When a brand-new location for one of the most profitable fine-dining chains in the U.S. opened its doors last month, TAO already had all the celebrity clout and star-chitecture cred necessary to draw attention to itself. Still, the establishment went one degree further to guarantee a little more social media notoriety and a little more flexibility in creating an instant refresh at any point in its hopefully long lifespan. It opted for the ultra-chic audiovisual offering currently making hashtag waves everywhere it appears: projection mapping.
Used in a more diminutive scale befitting a permanent indoor application, this particular application proves that projection mapping doesn’t always have to be gigantic in scale or budget to make a place seem at least 80 percent cooler (Note: That is not a statistically valid percentage, rather it’s based on my personal rating system of coolness). We’re talking about some tailor-made, carefully cultivated animation of a static image or object that adds one more layer of visual engagement to a restaurant designed to captivate from the first instant.
This combination of artistic finesse and technical acumen can be found at the new Chicago location of TAO which was designed by restaurant starchitects, Rockwell Group. The gigantic, 34,000-square-foot restaurant and nightclub was built into a windowless castle that has had many lives in the River North neighborhood. TAO likes windowless for all its locations, and that’s certainly beneficial to the 3D projection mapping created by the LAB at Rockwell to add dimension to this location’s signature scene-setting 20-foot-tall Quan Yin statue.
That’s just the first projection mapped object you’ll find at TAO. Go further inside, up to the club level, and you’ll find the projection mapping that got me thinking about this blog post. There on the wall is another multi-layered coolness enhancer for the space. In this case, the foundation for the video imagery is a 20-foot-tall mural by the street artist Hush. The work by itself is pretty stellar, but it’s made even more mystical by projection mapping created by Bravo Media.
Seen in any variety of visual rotations, the piece is tasteful and gleeful at the same time, and according to David Title, a Partner with Bravo Media, Hush himself is pleased with the results. No wonder, as the content is thoughtfully programmed to incorporate the stylized textures and colors inherent to Hush’s work, adding new patterns and enlivening the static bits with alternating backdrops and moving images that fill and refill the canvas according to the tempo and mood of the room.
“It can run in a passive mode and loop through content, but we also designed so it can be operated like a VJ, with real-time, live changes to the content, much like you would do with a live lighting designer,” Title explains. “We built a large number of preset looks that can be mixed and matched. And the way the mapping is designed, you can also create content on the fly that fits into the map, and change the imagery on demand.”
The mural implementation demonstrates how projection mapping possibilities might be realized for projects of all sizes, with a space entirely transformed in this case by the addition of single 12,000-lumen Epson projector. That was all it took to meet TAO’s goal of adding excitement and more visual energy into the room, Title says, “and of course it’s also a great thing for people to share on social media. It’s already popping up around Instagram.”
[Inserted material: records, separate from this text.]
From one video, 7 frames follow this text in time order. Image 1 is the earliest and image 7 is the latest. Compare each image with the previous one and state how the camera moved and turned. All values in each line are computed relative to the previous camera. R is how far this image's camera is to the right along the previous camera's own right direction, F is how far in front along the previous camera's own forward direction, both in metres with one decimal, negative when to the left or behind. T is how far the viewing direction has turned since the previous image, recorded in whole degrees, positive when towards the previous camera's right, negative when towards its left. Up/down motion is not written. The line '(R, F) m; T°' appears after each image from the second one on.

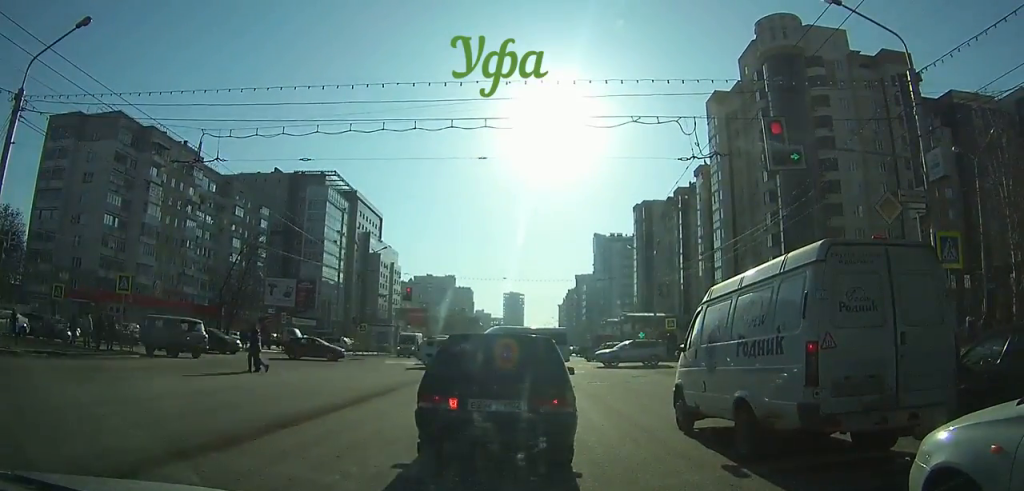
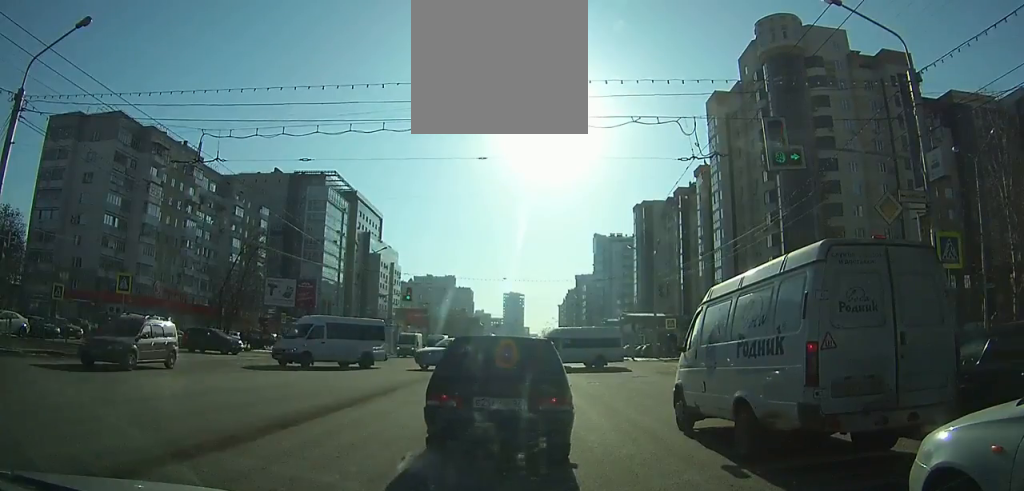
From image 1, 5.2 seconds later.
(-0.3, +8.3) m; -3°
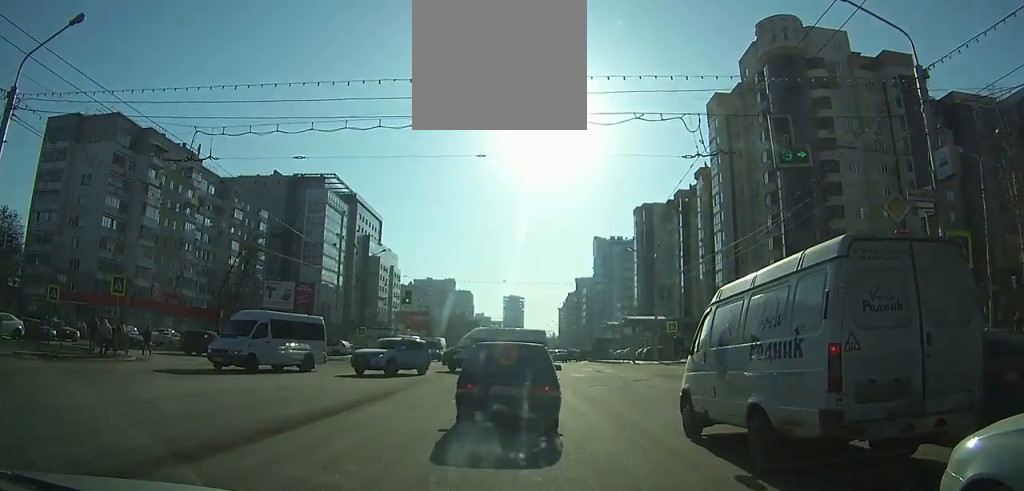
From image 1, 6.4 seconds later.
(0.0, +3.0) m; -1°
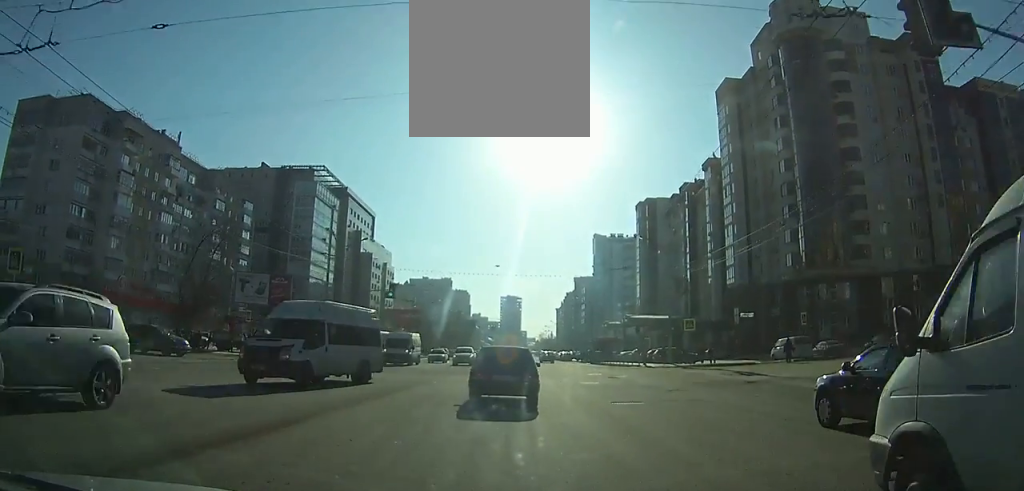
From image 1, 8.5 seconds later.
(-0.1, +10.8) m; -1°
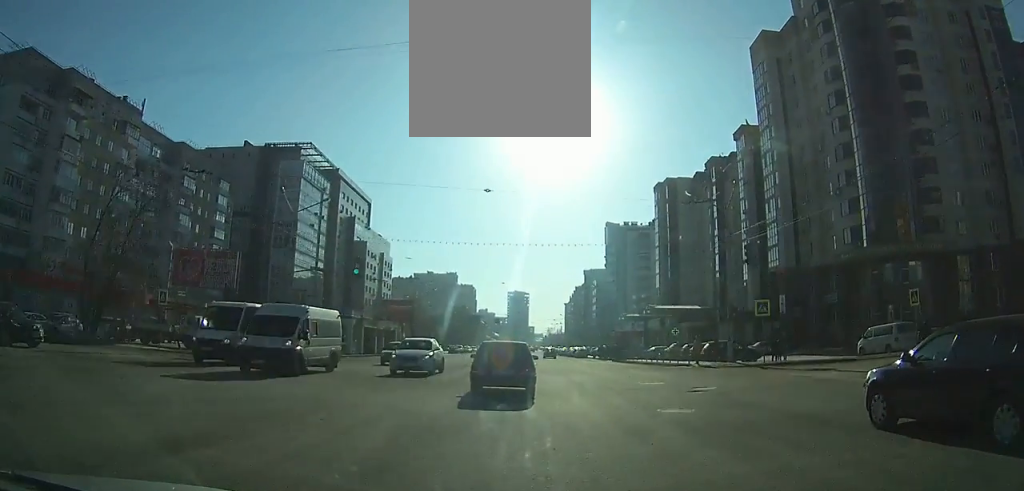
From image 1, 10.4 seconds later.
(-0.1, +13.7) m; 0°
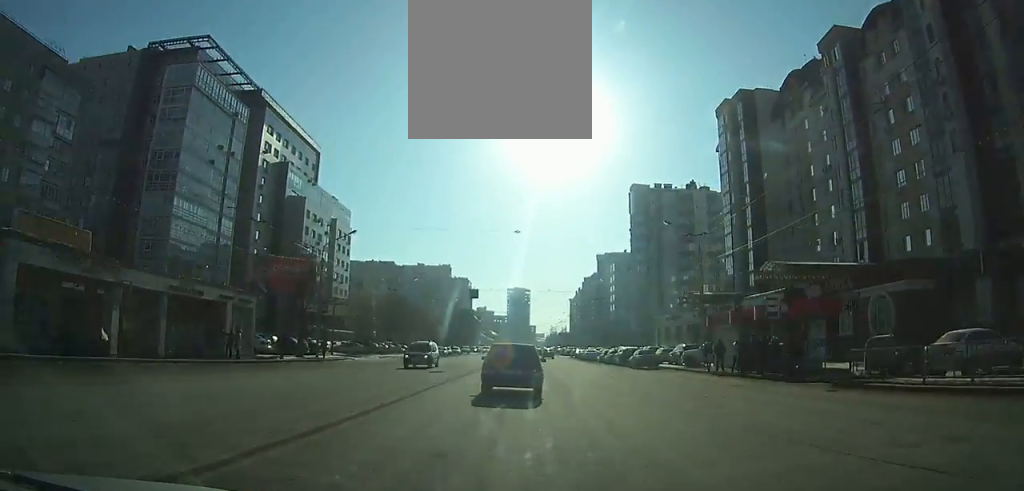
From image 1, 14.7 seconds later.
(0.0, +47.6) m; 0°
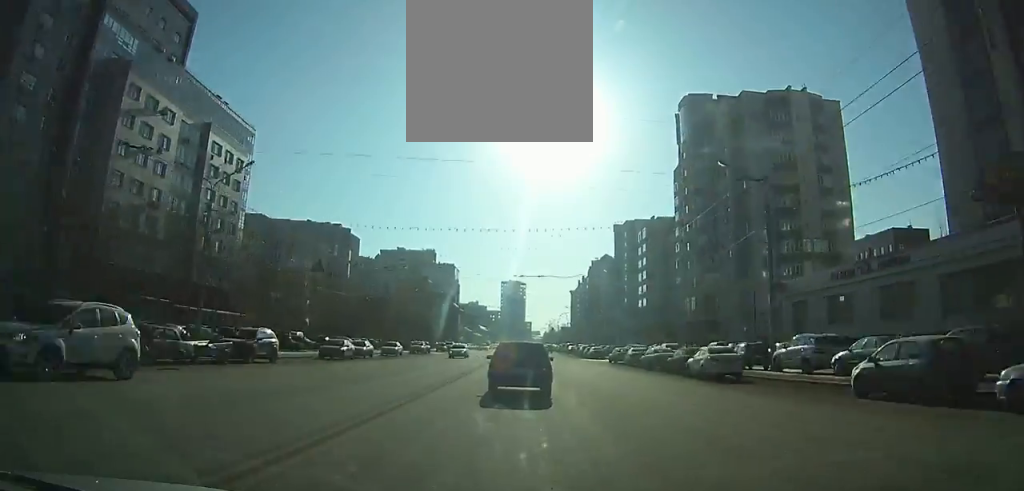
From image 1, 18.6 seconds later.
(+0.5, +55.5) m; +1°
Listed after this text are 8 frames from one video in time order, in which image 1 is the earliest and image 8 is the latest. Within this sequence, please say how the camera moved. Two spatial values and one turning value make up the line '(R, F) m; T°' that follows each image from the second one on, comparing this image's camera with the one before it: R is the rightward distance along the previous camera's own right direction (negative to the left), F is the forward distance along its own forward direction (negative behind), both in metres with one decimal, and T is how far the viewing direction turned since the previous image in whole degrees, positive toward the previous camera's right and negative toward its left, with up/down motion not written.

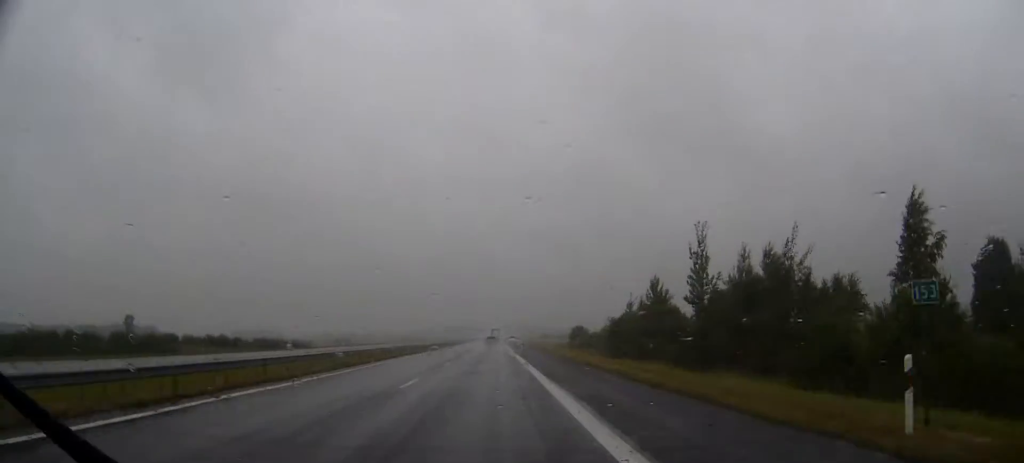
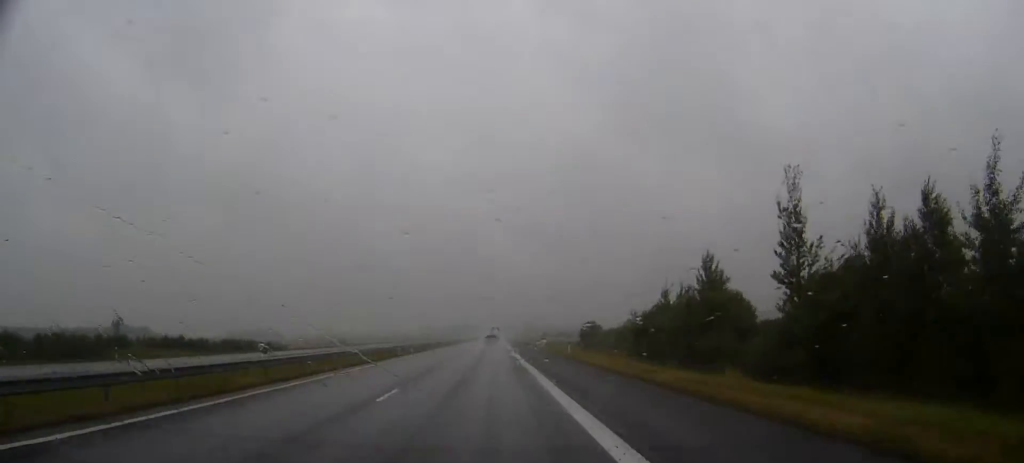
(0.0, +19.7) m; 0°
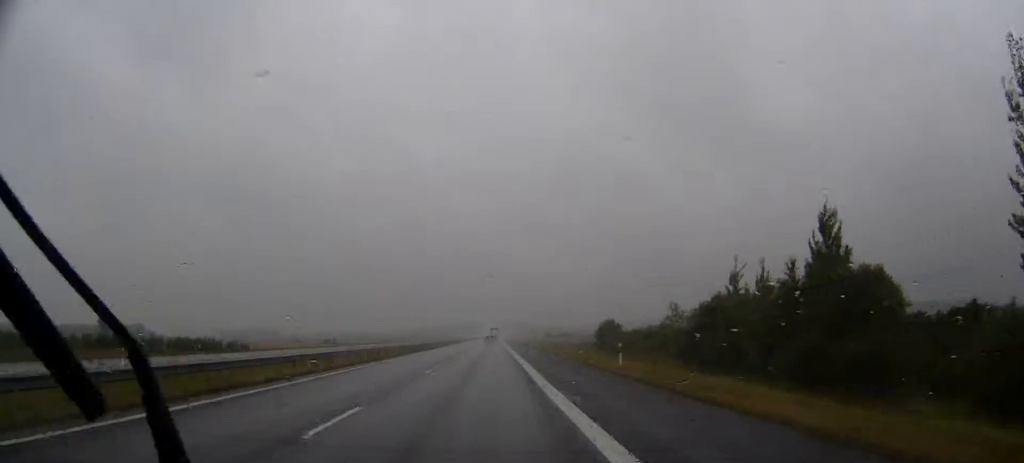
(0.0, +21.5) m; 0°
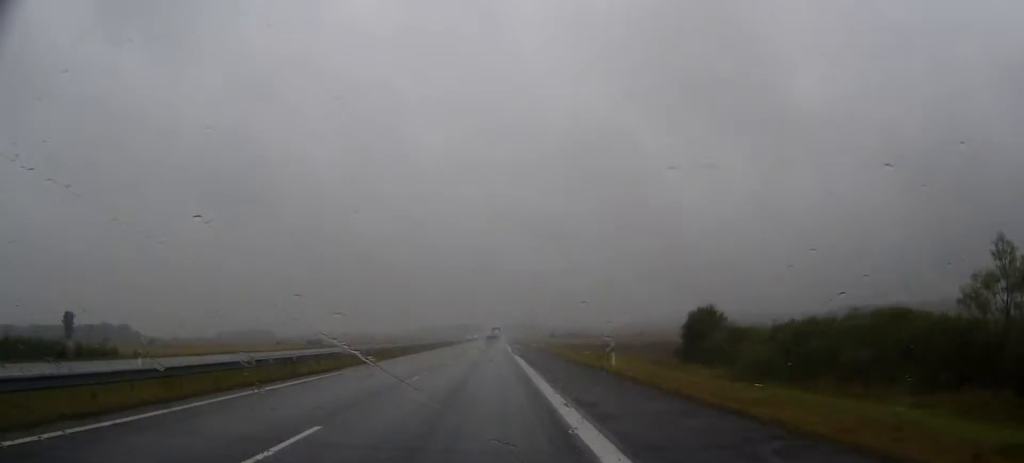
(-0.1, +50.6) m; 0°
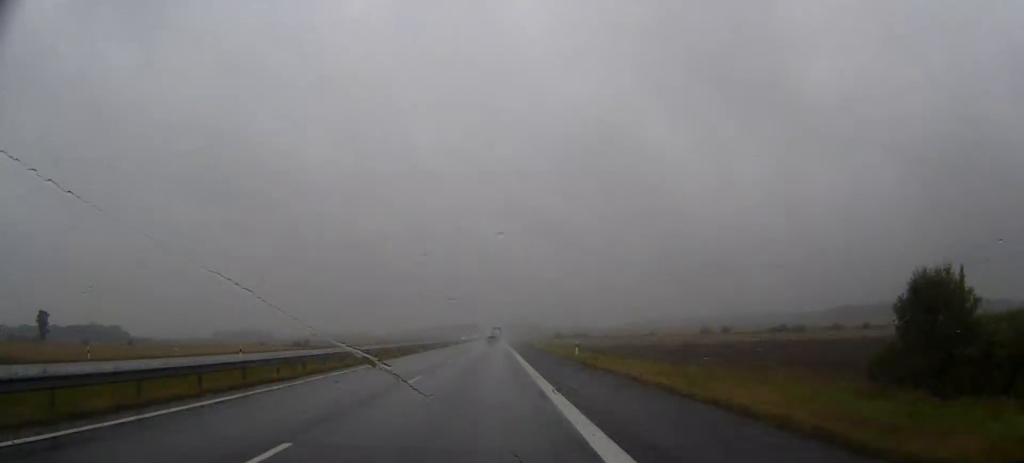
(0.0, +33.7) m; 0°
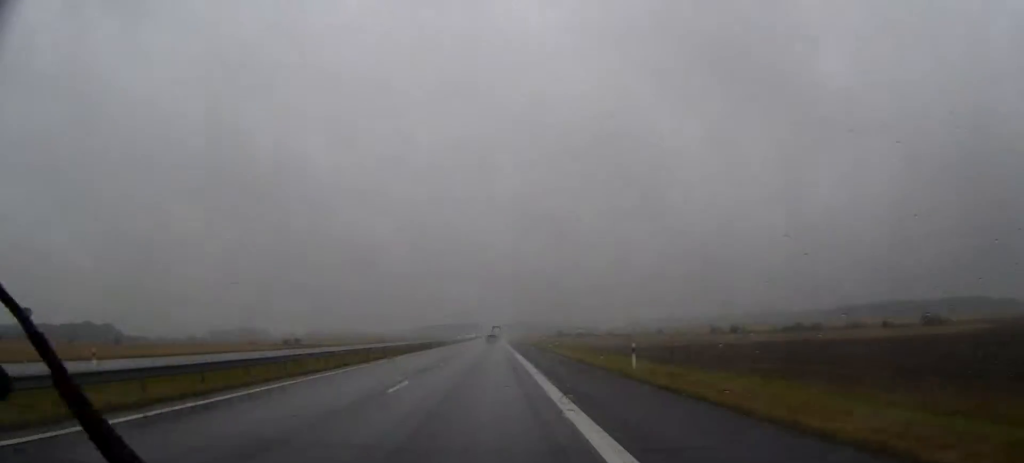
(0.0, +19.7) m; 0°
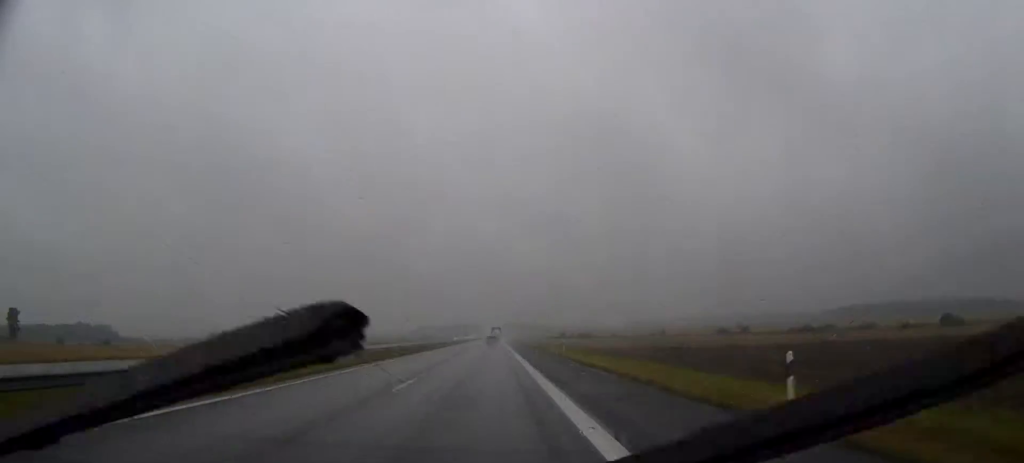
(0.0, +15.0) m; 0°
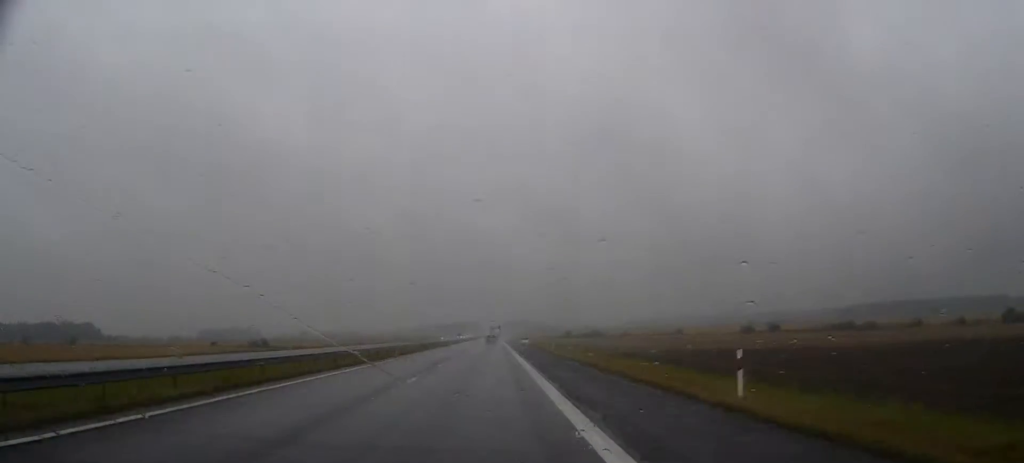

So with the right projector and irresistible content, it’s possible to change any space with a pretty ideal “bang for your buck” ratio, both on the front end with hardware investment and on the back end with low-maintenance laser projections lasting 20,000 hours. That’s a good thing, Title says, because demand is on the rise. “Everything from restaurants, hotels, offices, stores — everyone is looking for the next cool way to engage their visitors, and the bar is being raised. That’s pushing people to explore things like projection mapping and interactive design. You can’t just put up a video wall anymore and call it a day.”
Even if you don’t do nightclub work, you may be asked to create some projection mapping soon, Title observes. The pressure to create the impression of relevance is growing, even in the corporate sector. “When someone walks into a law office that claims to have a lot of interesting tech clients, and the display in lobby is innovative and dynamic and exciting, people think about that company differently. It makes that firm look really up to date.”
So the next time you visit your corporate clients and see a static logo on their lobby wall, think about bringing the TAO experience to the office park. With a little finesse delivered by specialized AV intervention, the most static element of an architectural space or even a single-color company logo on the wall can become a magnet for social media attention.